From: Alan Hayward <alan.hayward@arm.com>
To: "gcc-patches@gcc.gnu.org" <gcc-patches@gcc.gnu.org>
Subject: [Patch] Optimize condition reductions where the result is an integer induction variable
Date: Wed, 11 Nov 2015 12:22:00 -0000 [thread overview]
Message-ID: <D268E36F.98B3%alan.hayward@arm.com> (raw)
[-- Attachment #1: Type: text/plain, Size: 1361 bytes --]
Hi,
I hoped to post this in time for Monday’s cut off date, but circumstances
delayed me until today. Hoping if possible this patch will still be able
to go in.
This patch builds upon the change for PR65947, and reduces the amount of
code produced in a vectorized condition reduction where operand 2 of the
COND_EXPR is an assignment of a increasing integer induction variable that
won't wrap.
For example (assuming all types are ints), this is a match:
last = 5;
for (i = 0; i < N; i++)
if (a[i] < min_v)
last = i;
Whereas, this is not because the result is based off a memory access:
last = 5;
for (i = 0; i < N; i++)
if (a[i] < min_v)
last = a[i];
In the integer induction variable case we can just use a MAX reduction and
skip all the code I added in my vectorized condition reduction patch - the
additional induction variables in vectorizable_reduction () and the
additional checks in vect_create_epilog_for_reduction (). From the patch
diff only, it's not immediately obvious that those parts will be skipped
as there is no code changes in those areas.
The initial value of the induction variable is force set to zero, as any
other value could effect the result of the induction. At the end of the
loop, if the result is zero, then we restore the original initial value.
Cheers,
Alan.
[-- Attachment #2: optimizeConditionReductions.patch --]
[-- Type: application/octet-stream, Size: 16071 bytes --]

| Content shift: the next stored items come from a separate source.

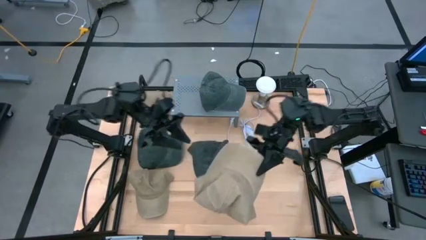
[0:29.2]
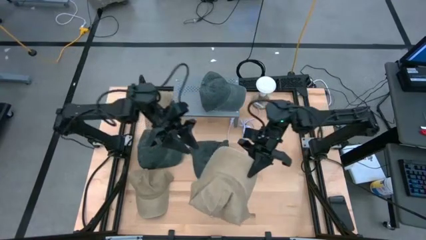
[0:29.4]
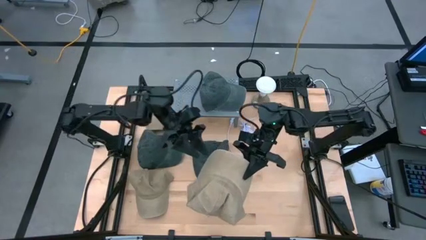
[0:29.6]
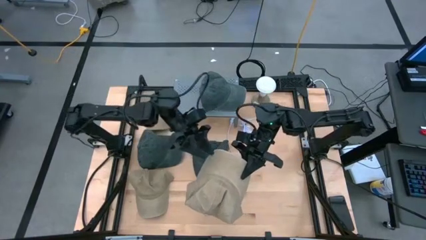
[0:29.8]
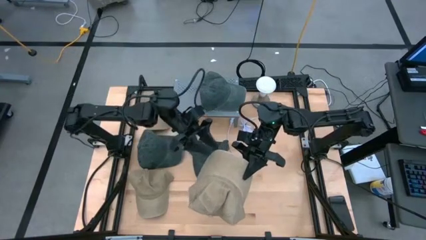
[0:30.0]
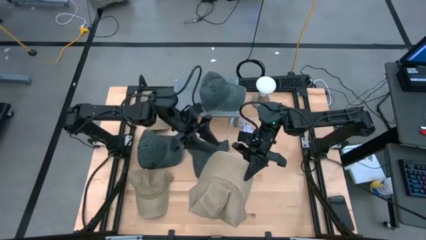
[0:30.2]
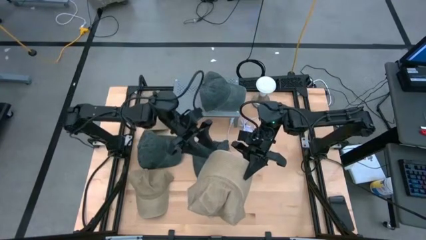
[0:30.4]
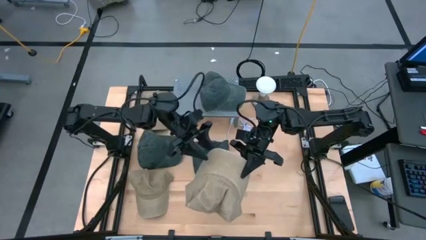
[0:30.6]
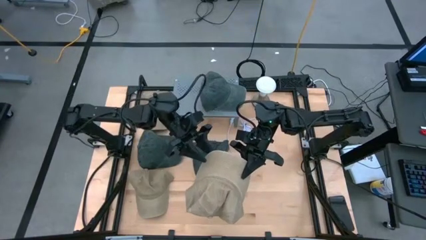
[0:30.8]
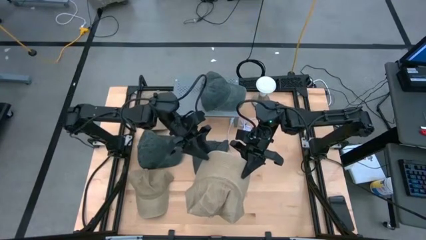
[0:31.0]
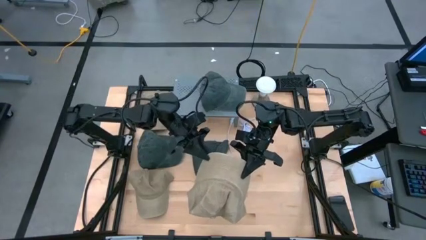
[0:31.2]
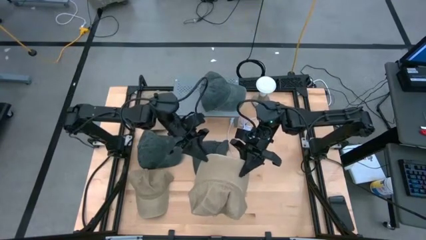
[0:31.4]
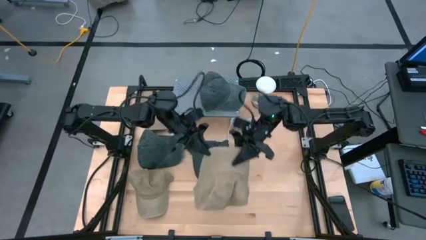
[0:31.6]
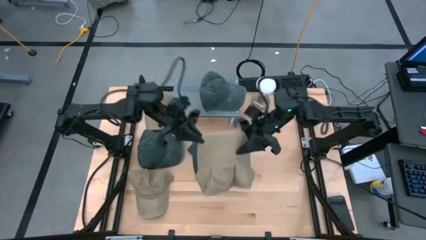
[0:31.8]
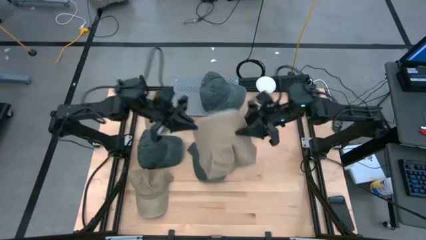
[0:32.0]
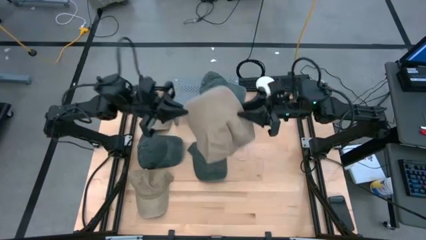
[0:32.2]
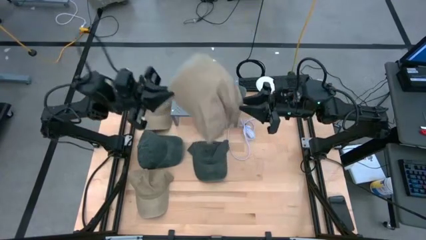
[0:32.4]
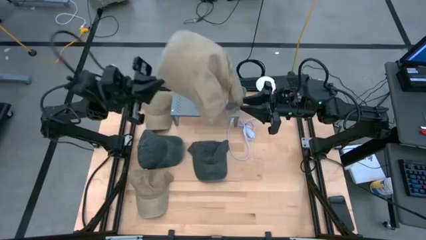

diff --git a/gcc/testsuite/gcc.dg/vect/pr65947-1.c b/gcc/testsuite/gcc.dg/vect/pr65947-1.c
index 7933f5c861201a7720ca77d84671898586516914..1e7a05dc8cc6f00fee265b9b8ad65beaa520f1e8 100644
--- a/gcc/testsuite/gcc.dg/vect/pr65947-1.c
+++ b/gcc/testsuite/gcc.dg/vect/pr65947-1.c
@@ -9,7 +9,7 @@ extern void abort (void) __attribute__ ((noreturn));
int
condition_reduction (int *a, int min_v)
{
- int last = -1;
+ int last = 66; /* High start value. */
for (int i = 0; i < N; i++)
if (a[i] < min_v)
@@ -28,12 +28,13 @@ main (void)
31, 32
};
- int ret = condition_reduction (a, 16);
+ int ret = condition_reduction (a, 1);
- if (ret != 19)
+ if (ret != 17)
abort ();
return 0;
}
/* { dg-final { scan-tree-dump-times "LOOP VECTORIZED" 2 "vect" { xfail { ! vect_max_reduc } } } } */
+/* { dg-final { scan-tree-dump-times "condition expression based on integer induction." 4 "vect" { xfail { ! vect_max_reduc } } } } */
diff --git a/gcc/testsuite/gcc.dg/vect/pr65947-10.c b/gcc/testsuite/gcc.dg/vect/pr65947-10.c
index 9a43a6059fabc1ca527dd6305bf6482f2103fab4..b4c6659b77ccbbafd77c62976e408dda37a2f4c4 100644
--- a/gcc/testsuite/gcc.dg/vect/pr65947-10.c
+++ b/gcc/testsuite/gcc.dg/vect/pr65947-10.c
@@ -37,4 +37,5 @@ main (void)
}
/* { dg-final { scan-tree-dump-times "LOOP VECTORIZED" 2 "vect" { xfail { ! vect_max_reduc } } } } */
+/* { dg-final { scan-tree-dump-not "condition expression based on integer induction." "vect" } } */
diff --git a/gcc/testsuite/gcc.dg/vect/pr65947-12.c b/gcc/testsuite/gcc.dg/vect/pr65947-12.c
new file mode 100644
index 0000000000000000000000000000000000000000..fb5ffd48c7bb87f6e2f9e055e90e4f121a202d5e
--- /dev/null
+++ b/gcc/testsuite/gcc.dg/vect/pr65947-12.c
@@ -0,0 +1,41 @@
+/* { dg-require-effective-target vect_condition } */
+
+extern void abort (void) __attribute__ ((noreturn));
+
+#define N 32
+
+/* Simple condition reduction where the result is a negative of the induction.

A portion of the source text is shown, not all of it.